[Opening INFORMATION PROVIDED section]
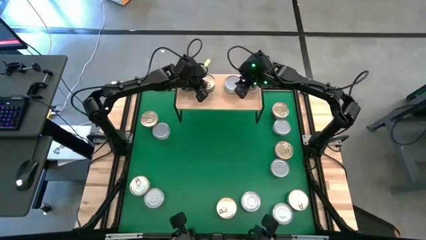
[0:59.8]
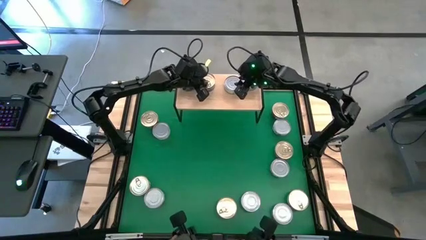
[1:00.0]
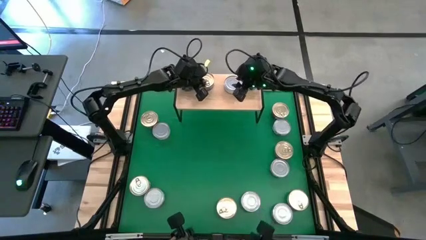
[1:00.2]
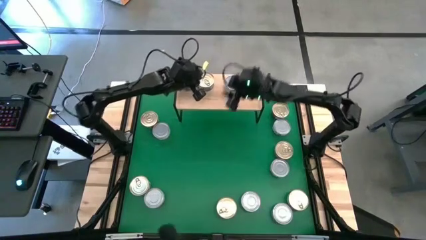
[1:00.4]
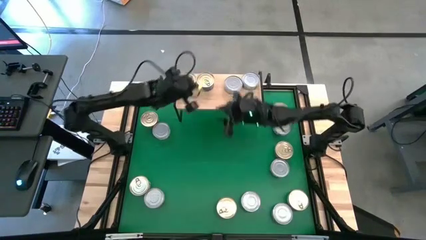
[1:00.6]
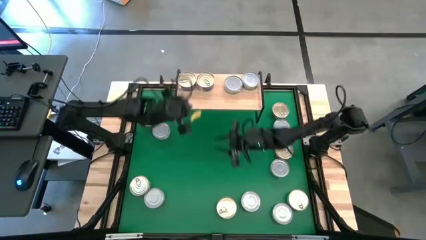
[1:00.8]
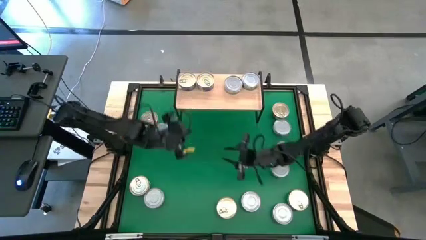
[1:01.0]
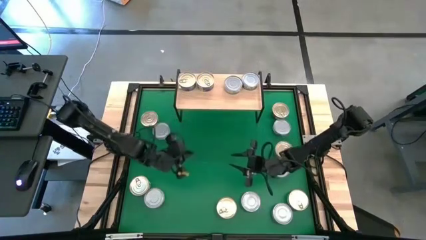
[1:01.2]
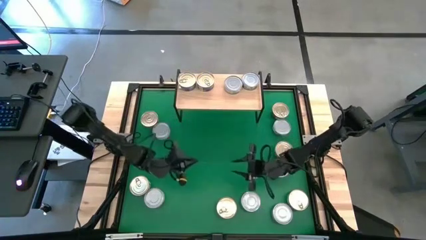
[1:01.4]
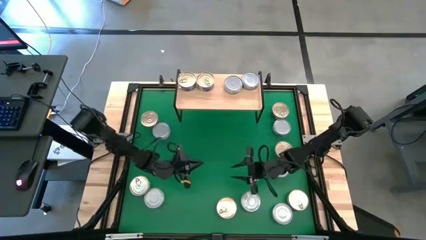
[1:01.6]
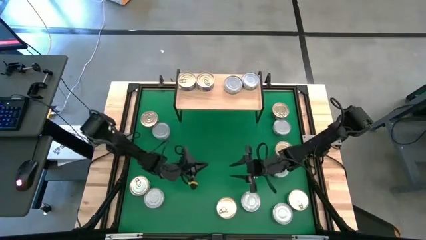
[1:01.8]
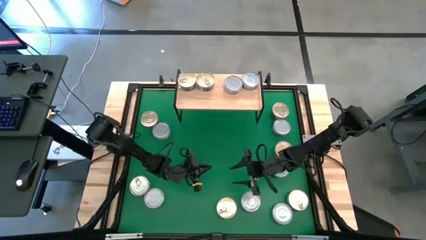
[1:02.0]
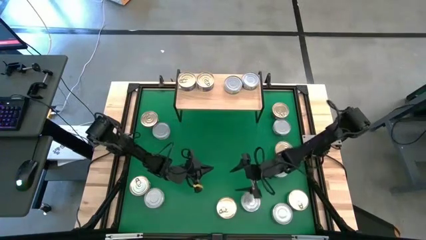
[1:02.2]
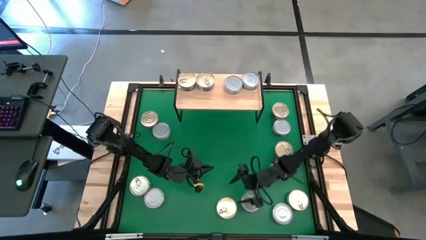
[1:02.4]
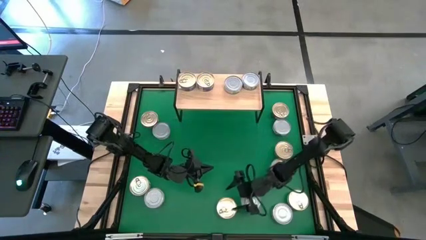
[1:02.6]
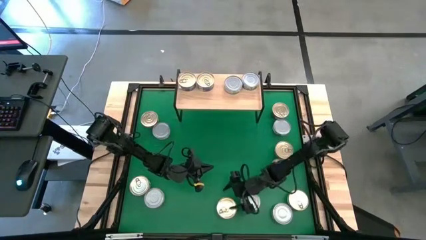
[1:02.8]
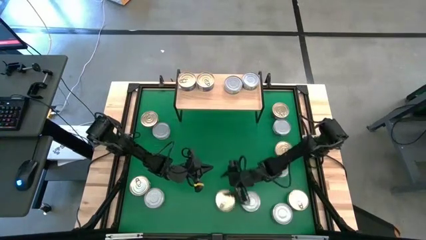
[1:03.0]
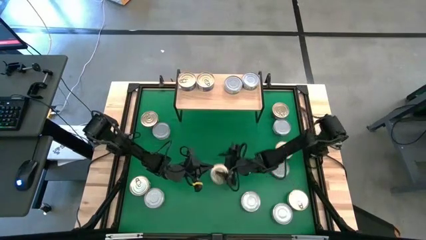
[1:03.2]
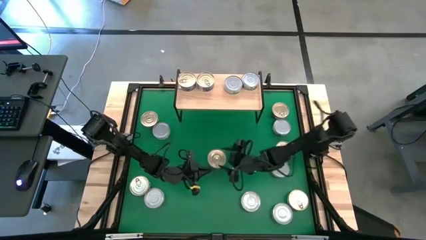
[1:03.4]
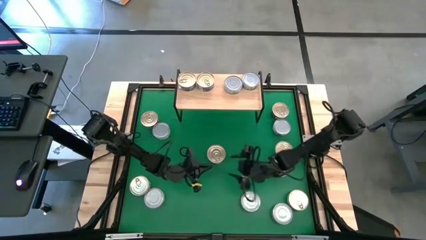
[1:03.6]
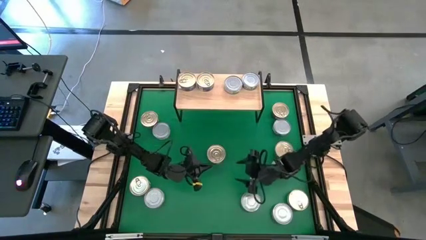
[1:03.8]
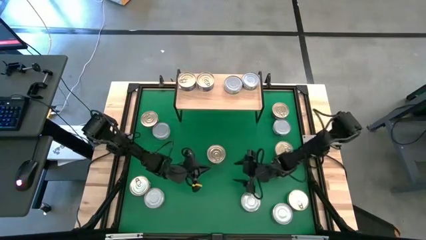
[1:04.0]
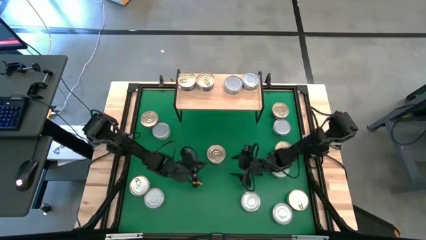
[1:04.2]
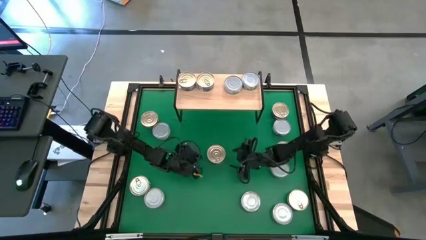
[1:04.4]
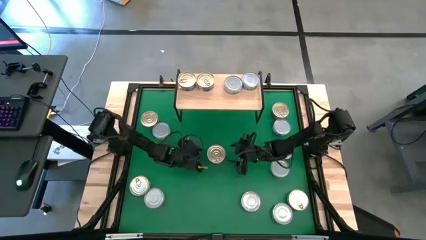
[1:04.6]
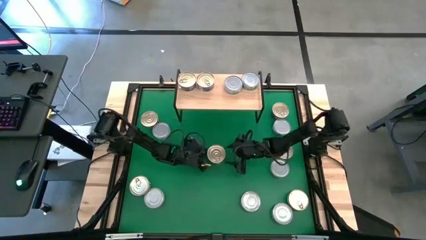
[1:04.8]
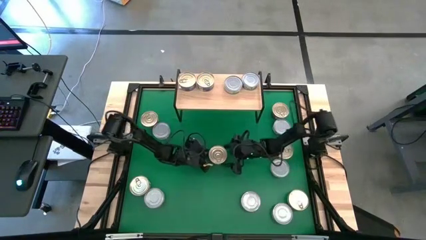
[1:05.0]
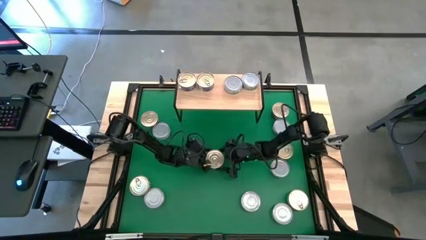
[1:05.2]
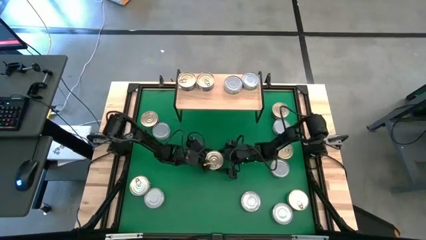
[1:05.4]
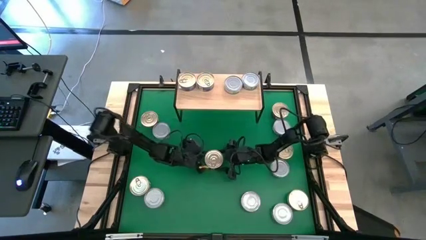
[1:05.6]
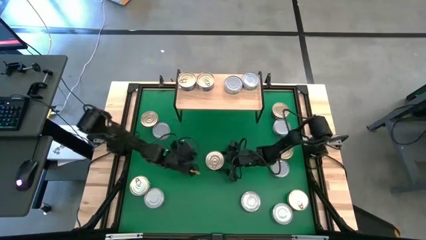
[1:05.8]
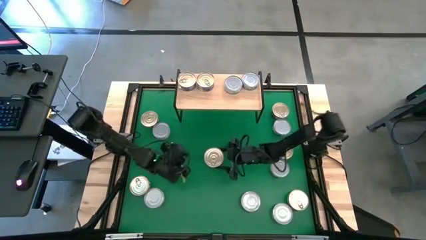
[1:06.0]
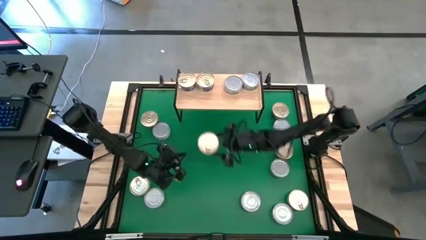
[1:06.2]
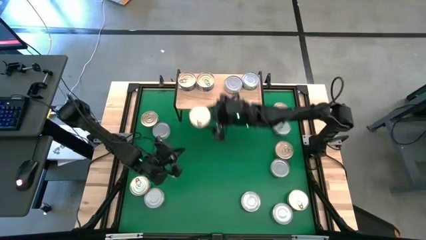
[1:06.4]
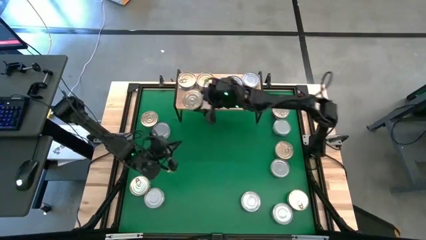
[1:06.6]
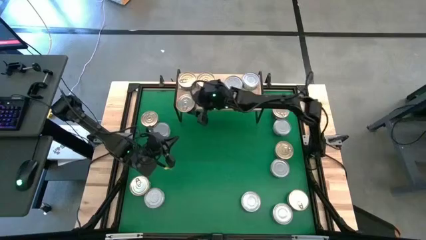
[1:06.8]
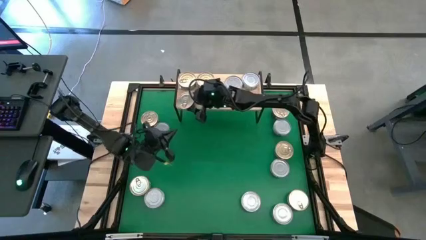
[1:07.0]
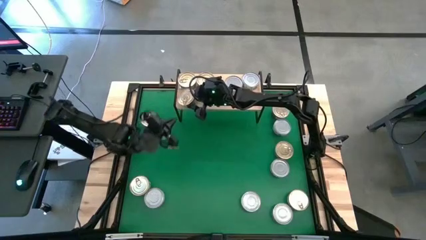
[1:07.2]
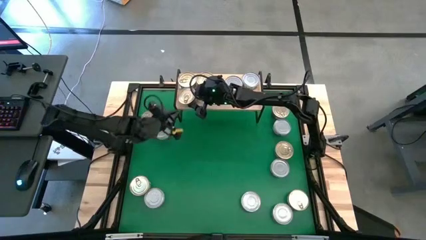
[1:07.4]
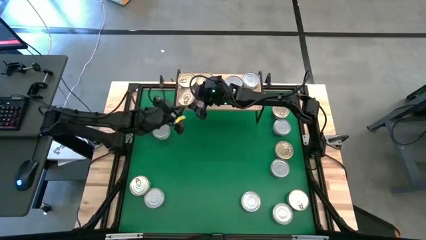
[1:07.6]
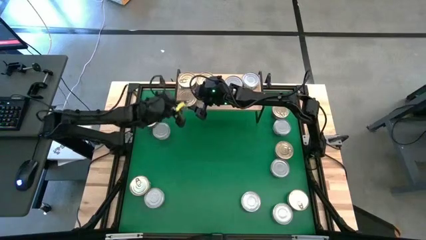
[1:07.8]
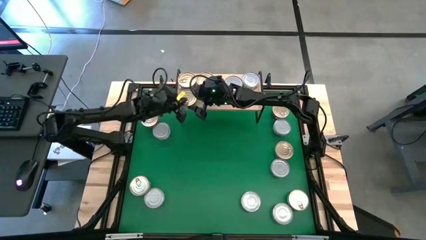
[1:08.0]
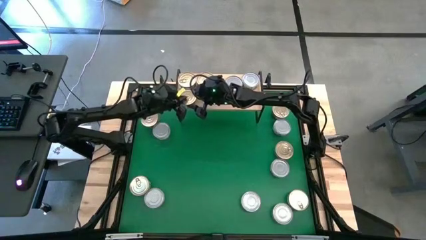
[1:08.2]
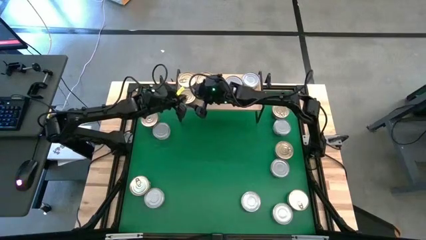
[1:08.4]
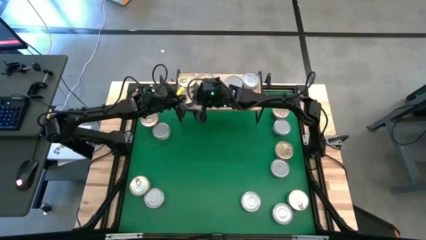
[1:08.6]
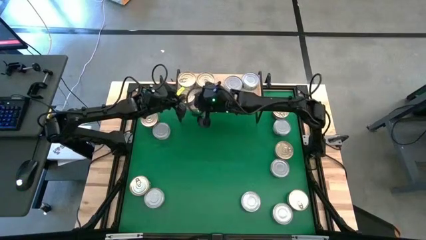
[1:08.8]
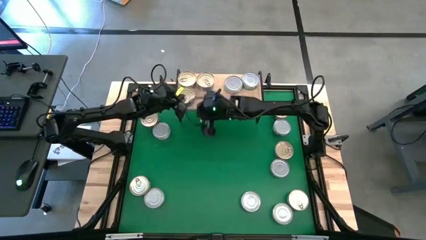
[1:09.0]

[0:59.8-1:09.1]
Task: Stack canned seafood by type on shelf
Put the blue tuna can on the shelf aligned with the other blue tuna can

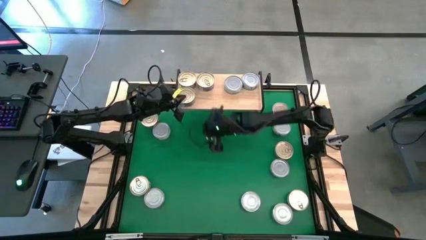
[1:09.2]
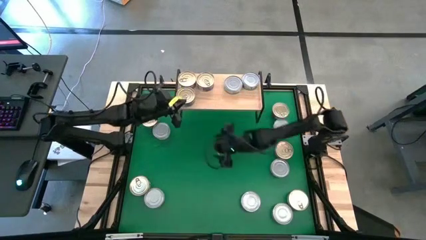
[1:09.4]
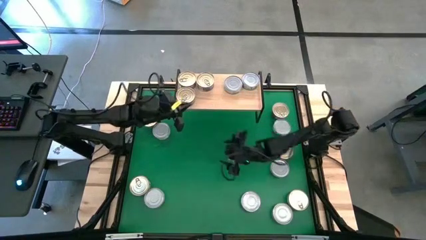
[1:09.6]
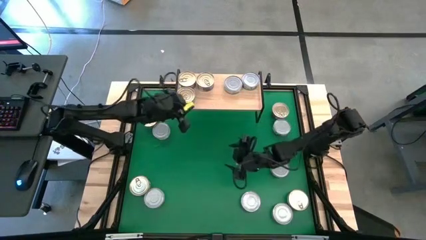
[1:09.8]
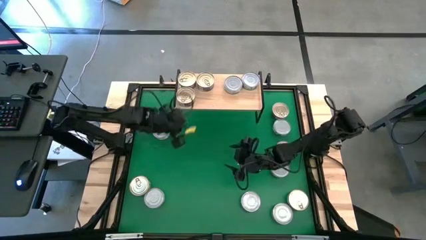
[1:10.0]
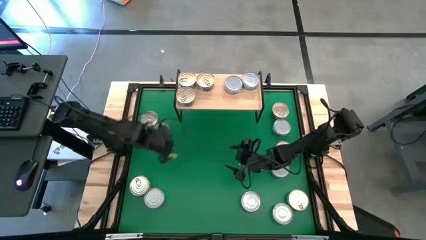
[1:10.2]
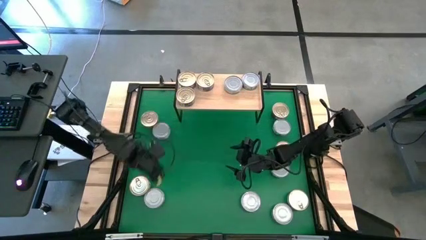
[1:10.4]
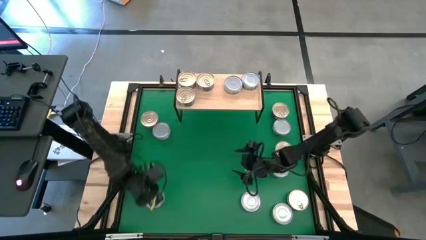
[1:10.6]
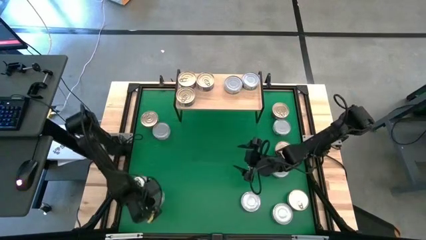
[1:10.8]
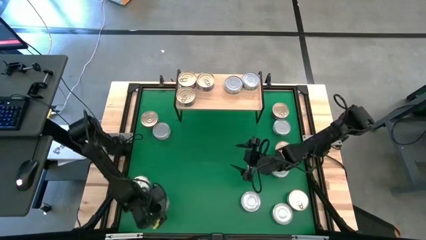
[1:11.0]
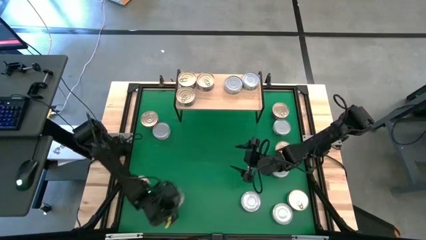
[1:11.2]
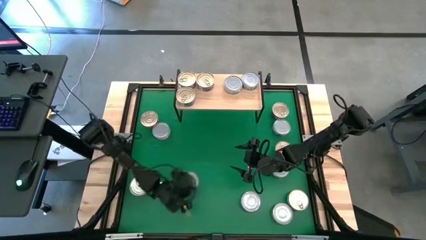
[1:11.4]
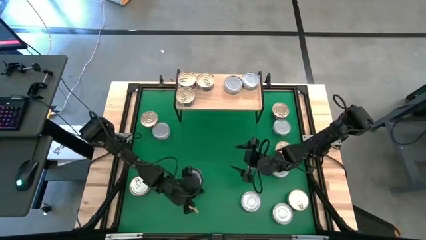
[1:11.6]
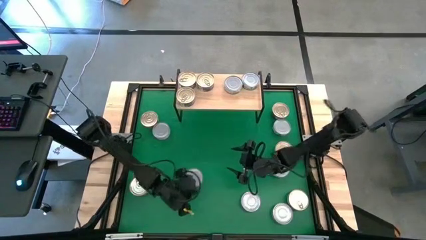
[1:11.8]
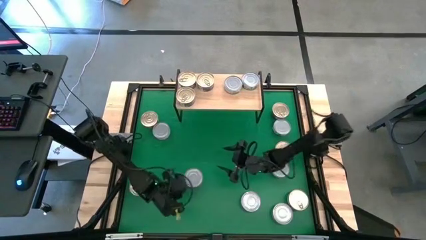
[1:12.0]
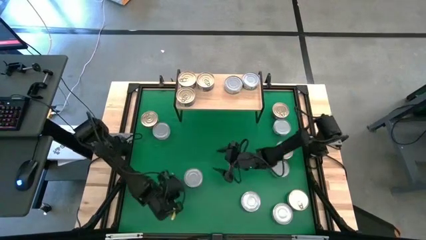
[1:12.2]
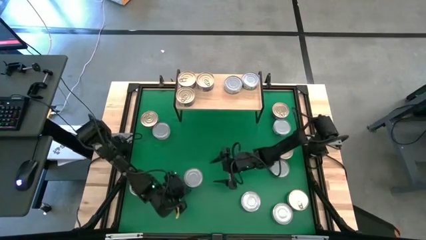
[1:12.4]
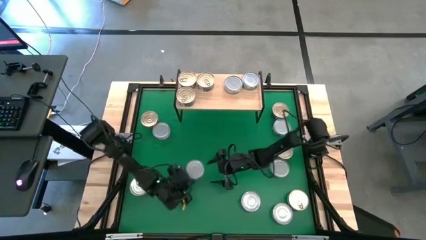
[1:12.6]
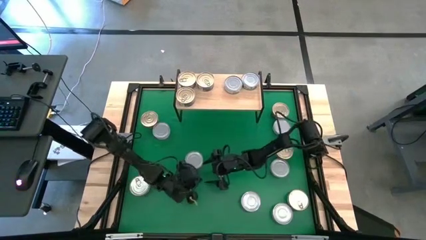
[Closing INFORMATION PROVIDED section]
TASK STATEMENT — Quote each record exactly as it stands, minus the pictures.

FINAL ANSWER —
[0:59.8]
[1:00.0]
[1:00.2]
[1:00.4]
[1:00.6]
[1:00.8]
[1:01.0]
[1:01.2]
[1:01.4]
[1:01.6]
[1:01.8]
[1:02.0]
[1:02.2]
[1:02.4]
[1:02.6]
[1:02.8]
[1:03.0]
[1:03.2]
[1:03.4]
[1:03.6]
[1:03.8]
[1:04.0]
[1:04.2]
[1:04.4]
[1:04.6]
[1:04.8]
[1:05.0]
[1:05.2]
[1:05.4]
[1:05.6]
[1:05.8]
[1:06.0]
[1:06.2]
[1:06.4]
[1:06.6]
[1:06.8]
[1:07.0]
[1:07.2]
[1:07.4]
[1:07.6]
[1:07.8]
[1:08.0]
[1:08.2]
[1:08.4]
[1:08.6]
[1:08.8]
[1:09.0]

[0:59.8-1:09.1]
Task: Stack canned seafood by type on shelf
Put the blue tuna can on the shelf aligned with the other blue tuna can

[1:09.2]
[1:09.4]
[1:09.6]
[1:09.8]
[1:10.0]
[1:10.2]
[1:10.4]
[1:10.6]
[1:10.8]
[1:11.0]
[1:11.2]
[1:11.4]
[1:11.6]
[1:11.8]
[1:12.0]
[1:12.2]
[1:12.4]
[1:12.6]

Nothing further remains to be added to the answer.